Bit-sliced index arithmetic

  • Authors:
  • Denis Rinfret;Patrick O'Neil;Elizabeth O'Neil

  • Affiliations:
  • UMass/Boston, Dept. of CS, UMass/Boston, Boston, MA;UMass/Boston & Microsoft Research, Dept. of CS, UMass/Boston, Boston, MA;-

  • Venue:
  • SIGMOD '01 Proceedings of the 2001 ACM SIGMOD international conference on Management of data
  • Year:
  • 2001

Quantified Score

Hi-index 0.00

Visualization

Abstract

The bit-sliced index (BSI) was originally defined in [ONQ97]. The current paper introduces the concept of BSI arithmetic. For any two BSI's X and Y on a table T, we show how to efficiently generate new BSI's Z, V, and W, such that Z = X + Y, V = X - Y, and W = MIN(X, Y); this means that if a row r in T has a value x represented in BSI X and a value y in BSI Y, the value for r in BSI Z will be x + y, the value in V will be x - y and the value in W will be MIN(x, y). Since a bitmap representing a set of rows is the simplest bit-sliced index, BSI arithmetic is the most straightforward way to determine multisets of rows (with duplicates) resulting from the SQL clauses UNION ALL (addition), EXCEPT ALL (subtraction), and INTERSECT ALL (min) (see [OO00, DB2SQL] for definitions of these clauses). Another contribution of the current paper is to generalize BSI range restrictions from [ONQ97] to a new non-Boolean form: to determine the top k BSI-valued rows, for ally meaningful value k between one and the total number of rows in T. Together with bit-sliced addition, this permits us to solve a common basic problem of text retrieval: given an object-relational table T of rows representing documents, with a collection type column K representing keyword terms, we demonstrate an efficient algorithm to find k documents that share the largest number of terms with some query list Q of terms.

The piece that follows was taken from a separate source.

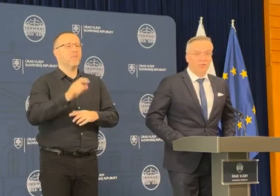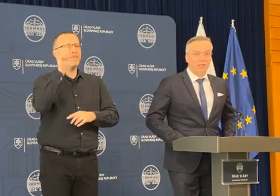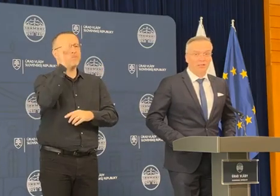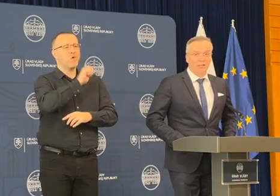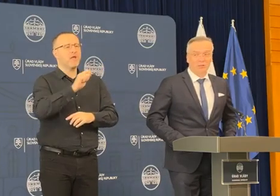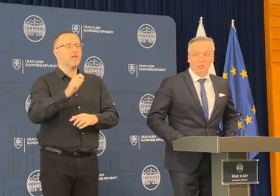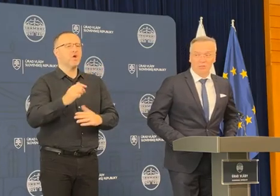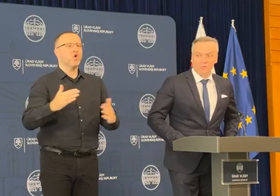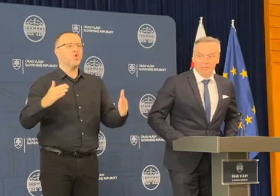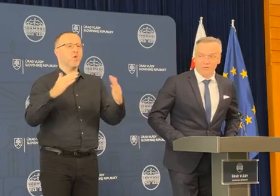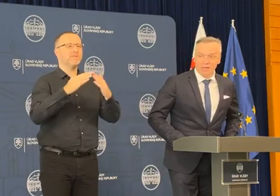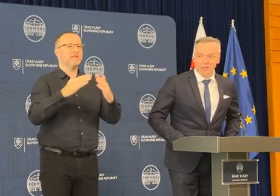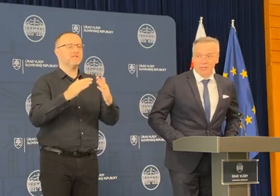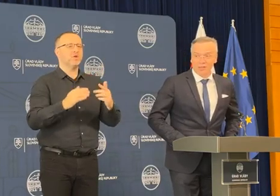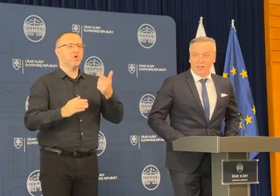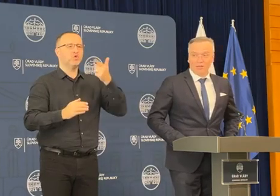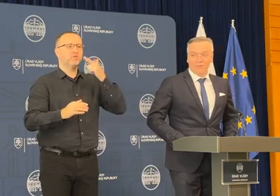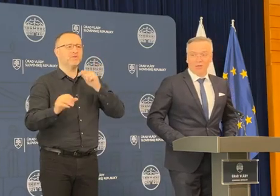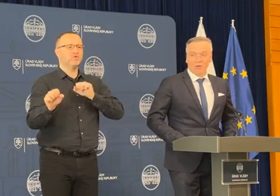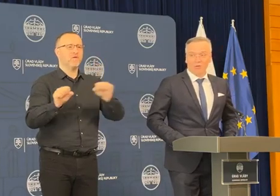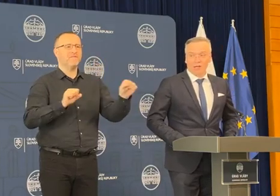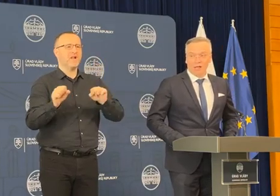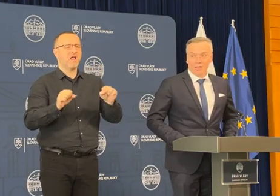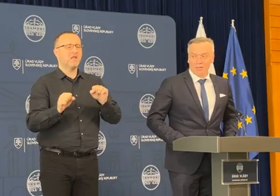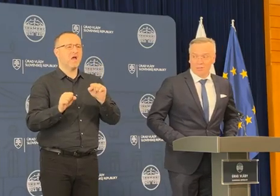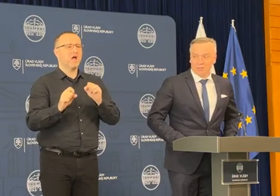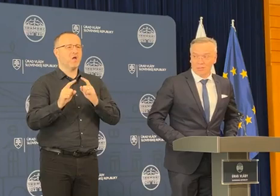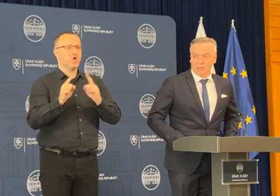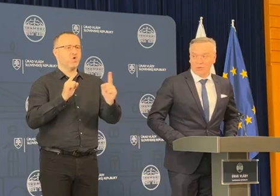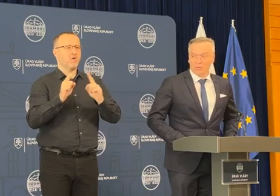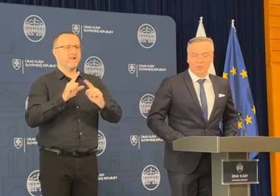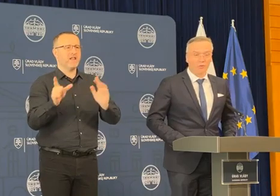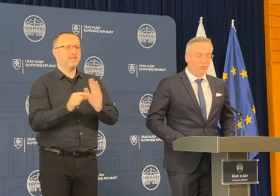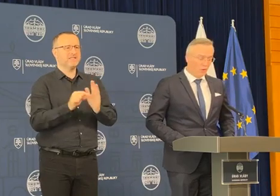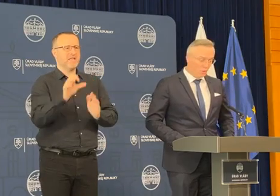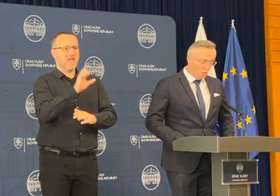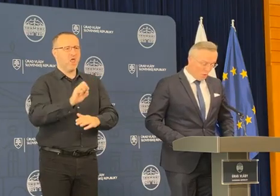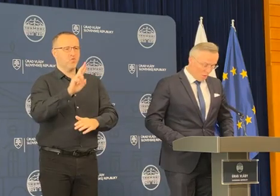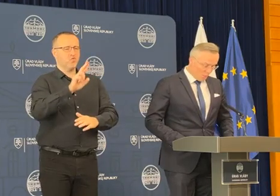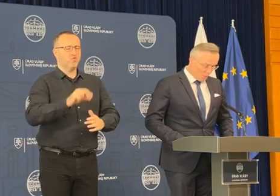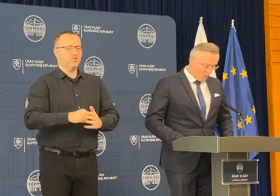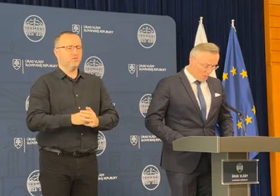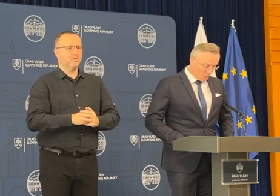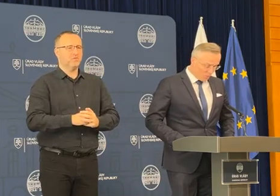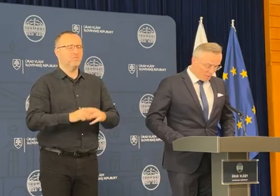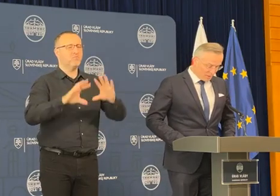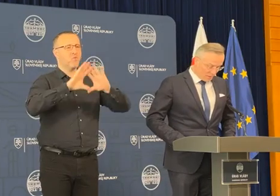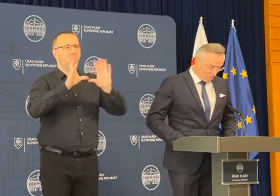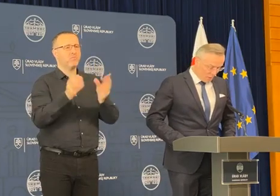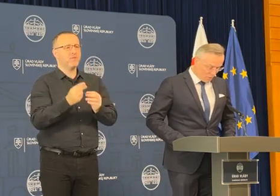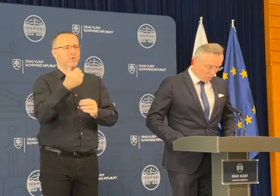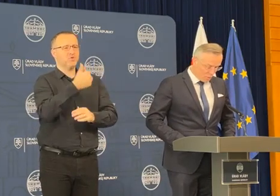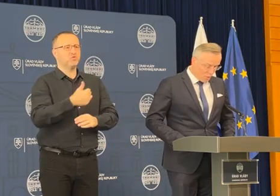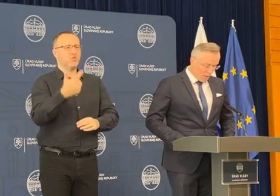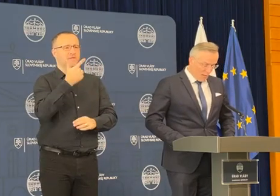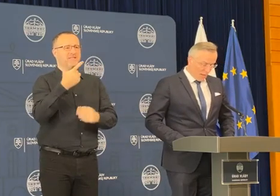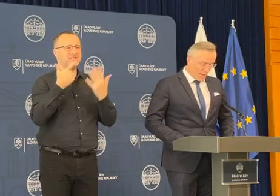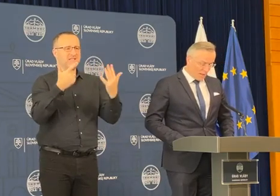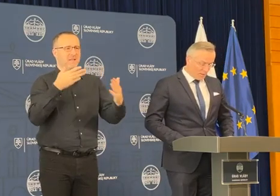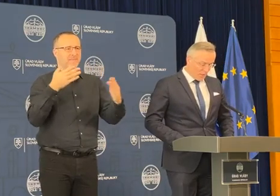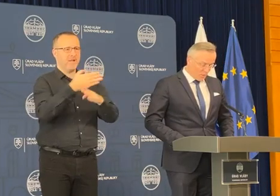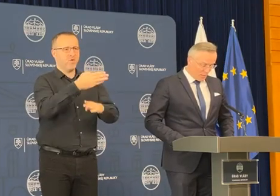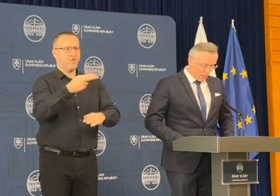kompenzácií, ktoré slovenská vláda vyrokovala z Európskou úniou v objeme 127 miliónov.

A great deal of published work on such problems exists in the Information Retrieval (IR) field. The algorithm we introduce, which we call Bit-Sliced Term-Matching, or BSTM, uses an approach comparable in performance to the most efficient known IR algorithm, a major improvement on current DBMS text searching algorithms, with the advantage that it uses only indexing we propose for native database operations.